• _WORK ITEM_
Nothing but the lines below between the line holding "ainda não está" and the line holding "tanıdı. Zaten amacımız", inclusive, should appear in the answer, each set down exactly.

• _SUPPLIED RECORDS_
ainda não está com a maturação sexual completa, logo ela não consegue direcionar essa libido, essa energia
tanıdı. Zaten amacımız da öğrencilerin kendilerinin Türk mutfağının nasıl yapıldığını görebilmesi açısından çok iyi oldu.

...

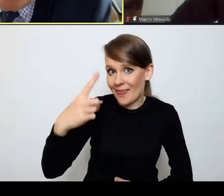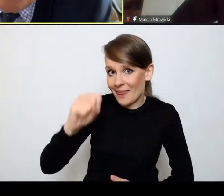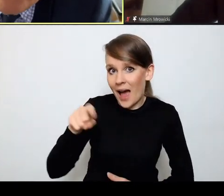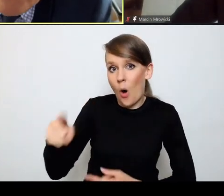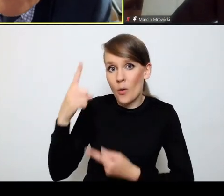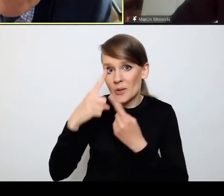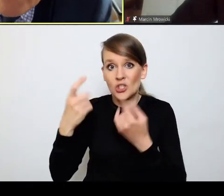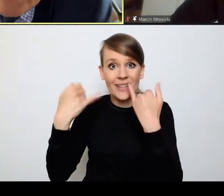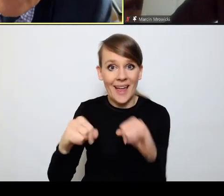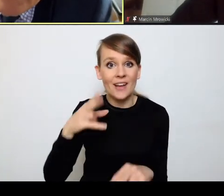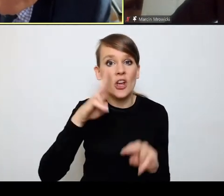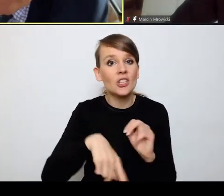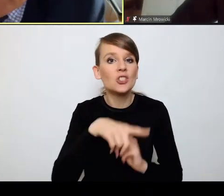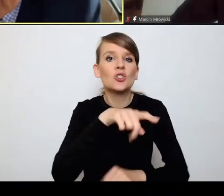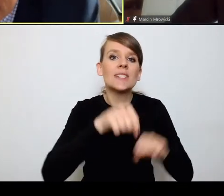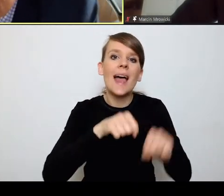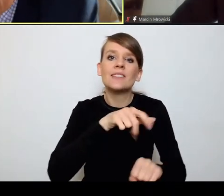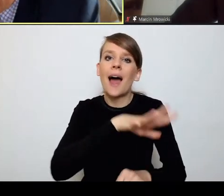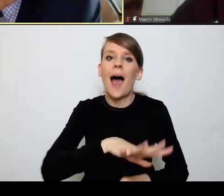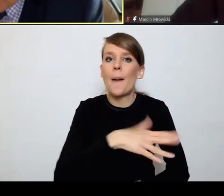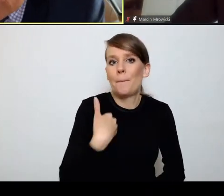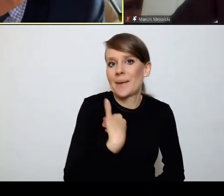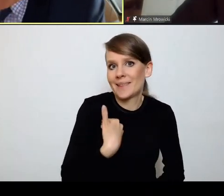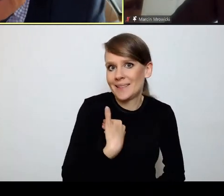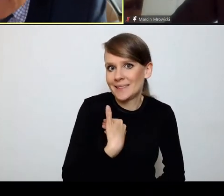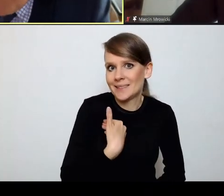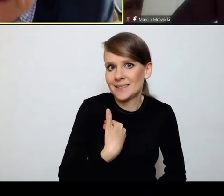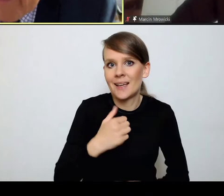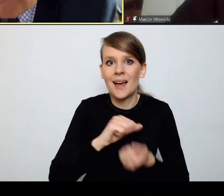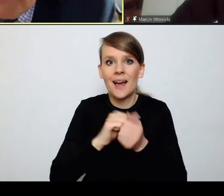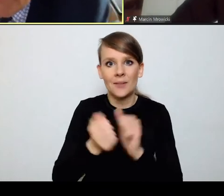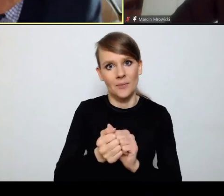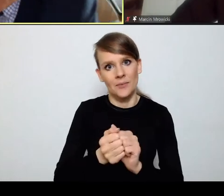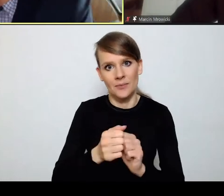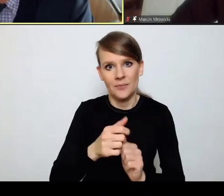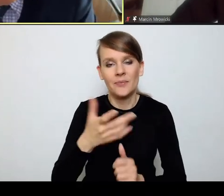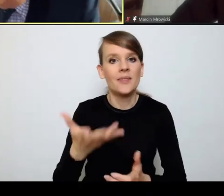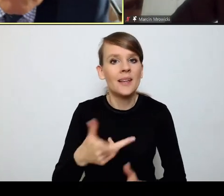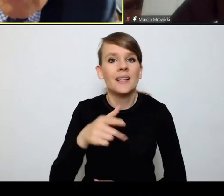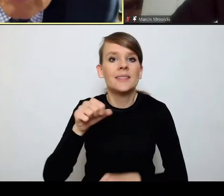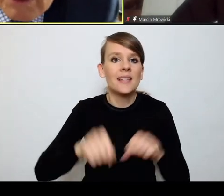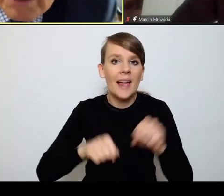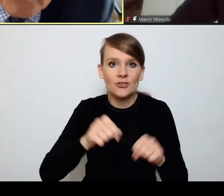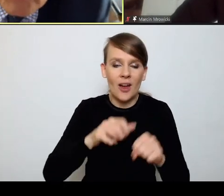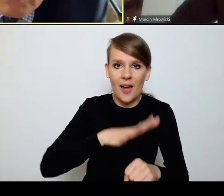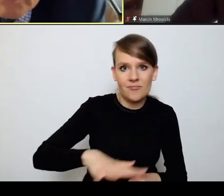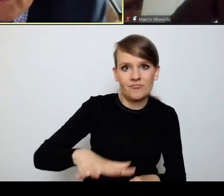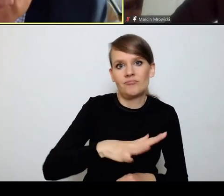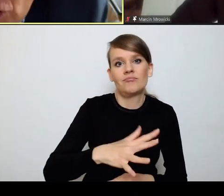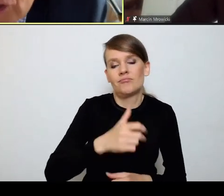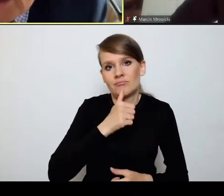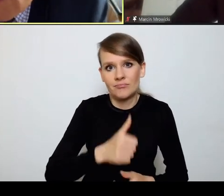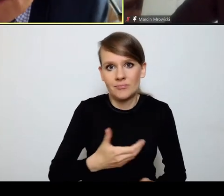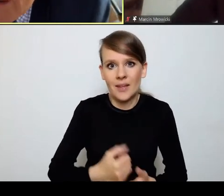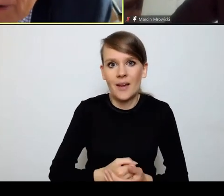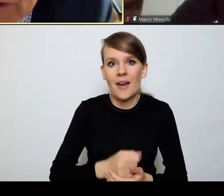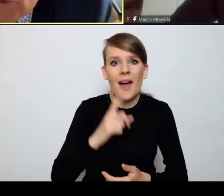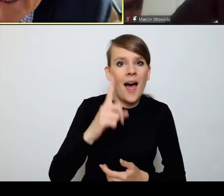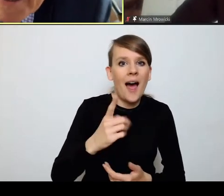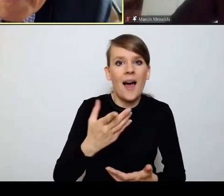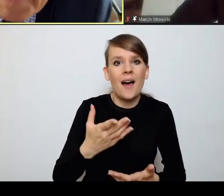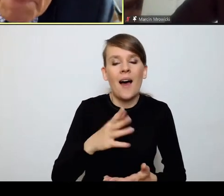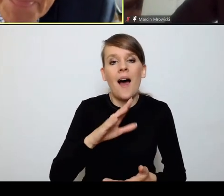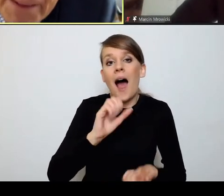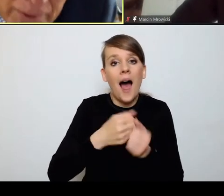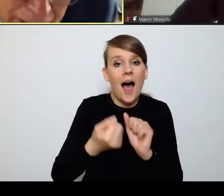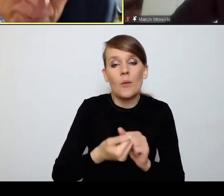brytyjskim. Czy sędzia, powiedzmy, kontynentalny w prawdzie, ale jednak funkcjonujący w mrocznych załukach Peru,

• _SOLUTION TO THIS TASK_
ainda não está com a maturação sexual completa, logo ela não consegue direcionar essa libido, essa energia
tanıdı. Zaten amacımız da öğrencilerin kendilerinin Türk mutfağının nasıl yapıldığını görebilmesi açısından çok iyi oldu.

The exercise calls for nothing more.